Dataset items
>>>

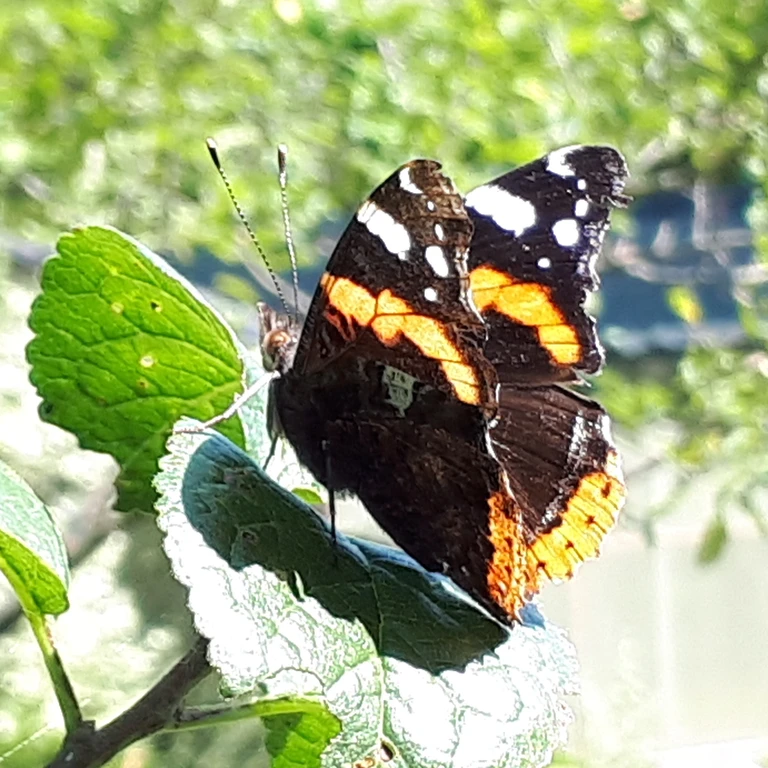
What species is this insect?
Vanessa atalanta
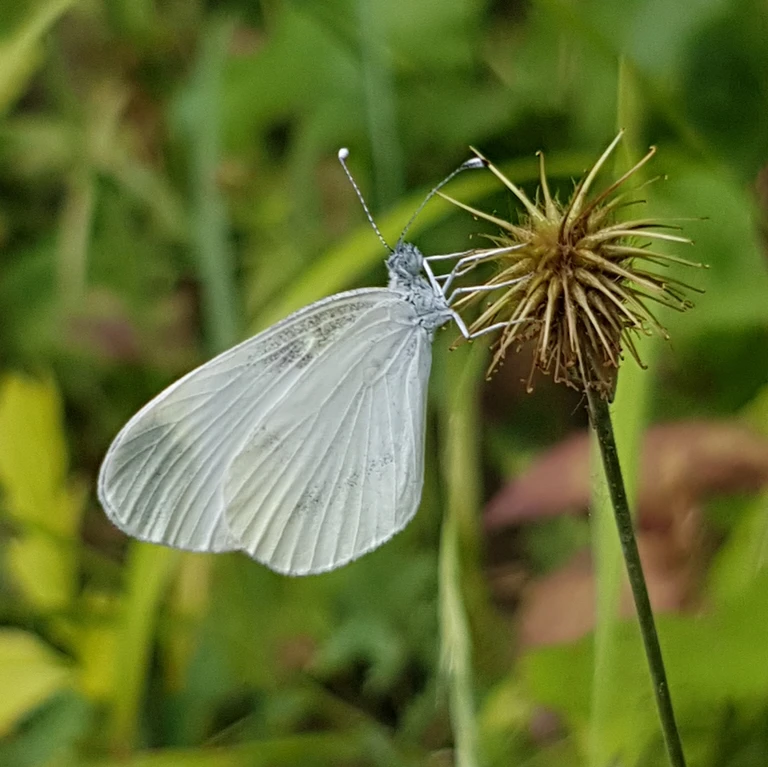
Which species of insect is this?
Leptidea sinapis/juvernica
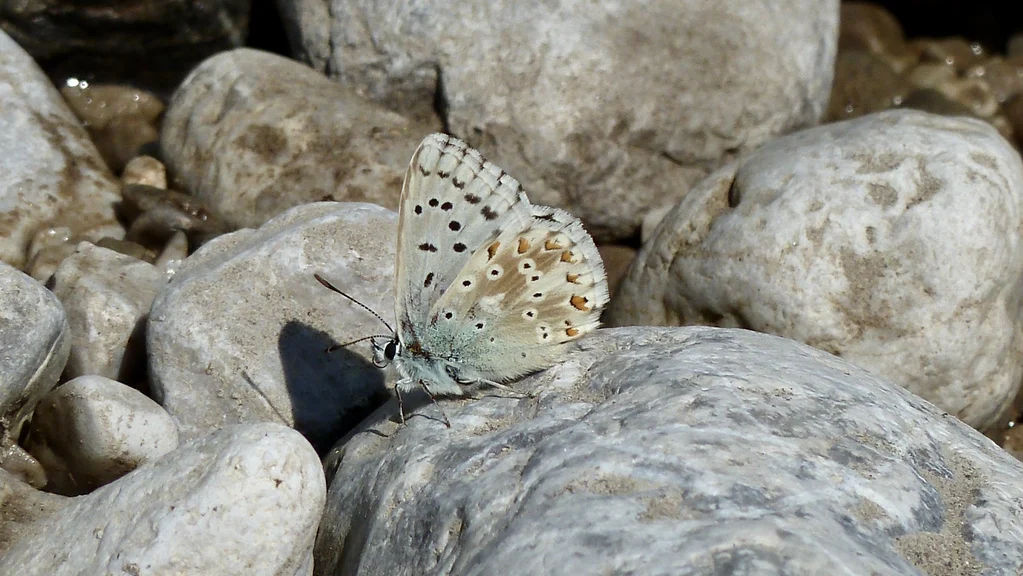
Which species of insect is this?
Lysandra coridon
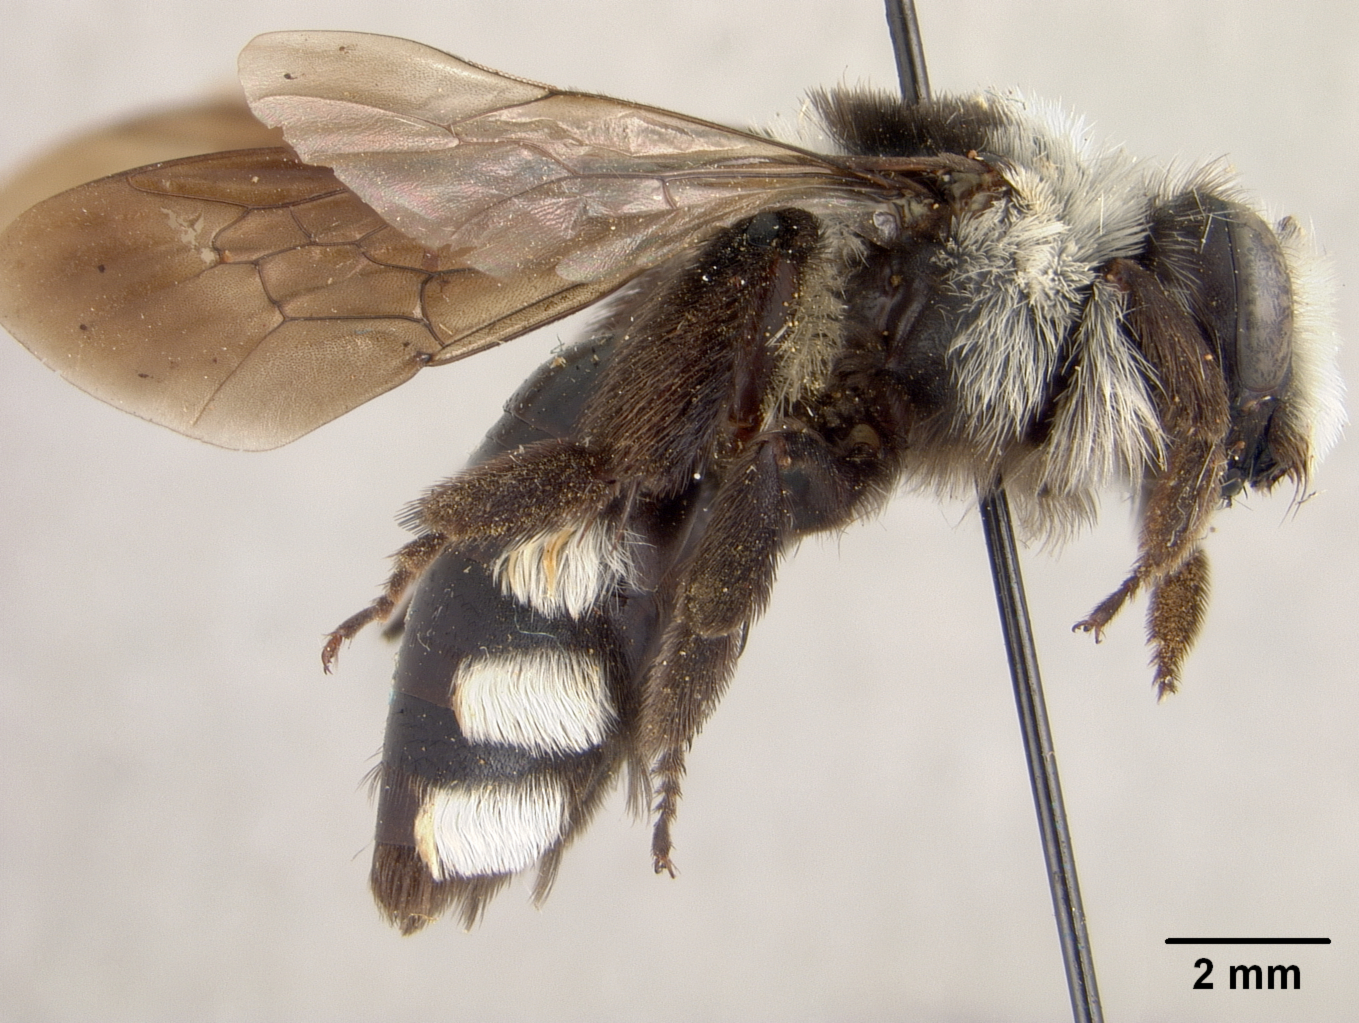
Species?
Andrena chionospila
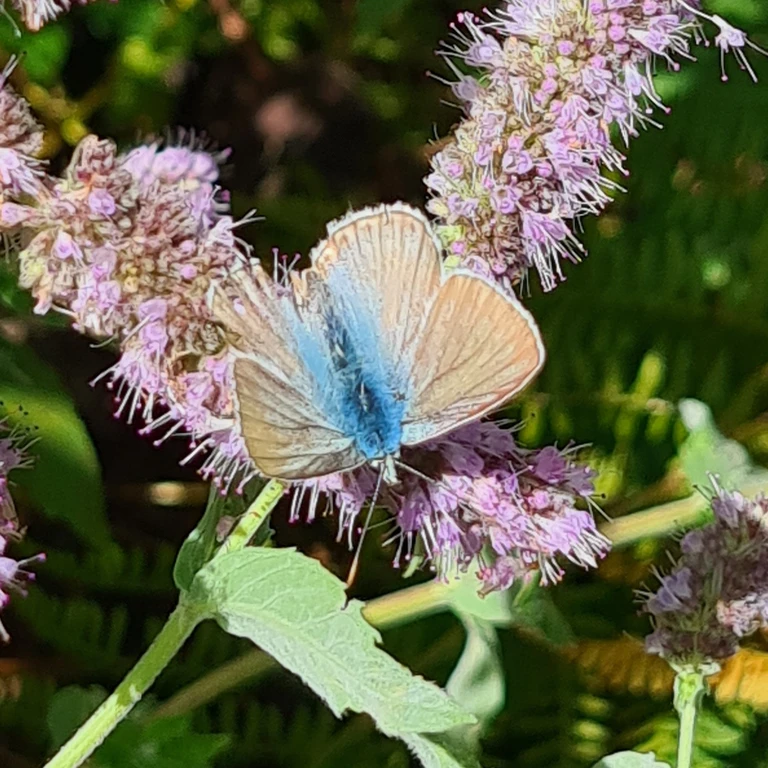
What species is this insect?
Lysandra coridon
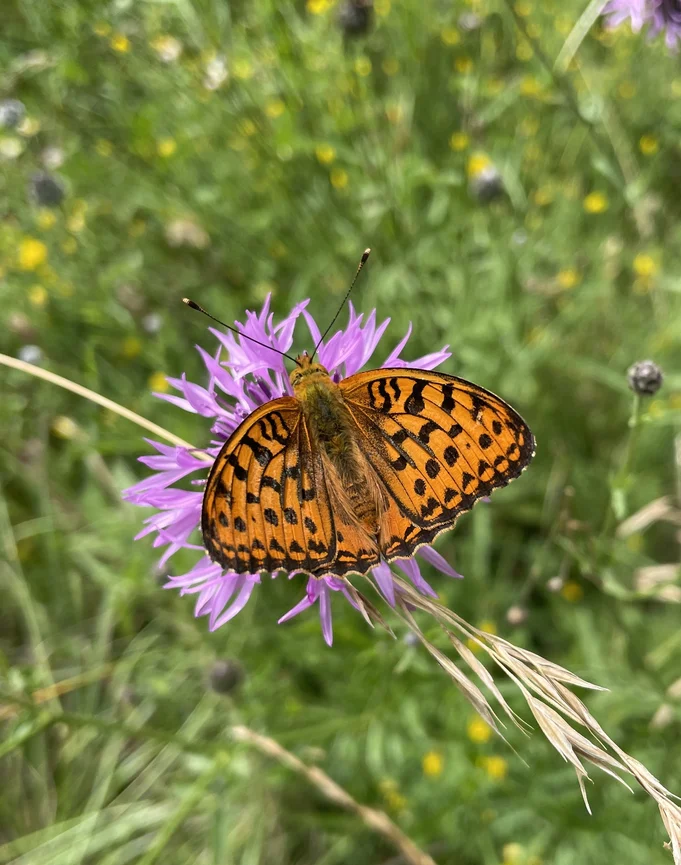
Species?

<<<

[What to do] Reproduce the records above exactly, excluding every picture.

[Answer to this problem]
What species is this insect?
Vanessa atalanta
Which species of insect is this?
Leptidea sinapis/juvernica
Which species of insect is this?
Lysandra coridon
Species?
Andrena chionospila
What species is this insect?
Lysandra coridon
Species?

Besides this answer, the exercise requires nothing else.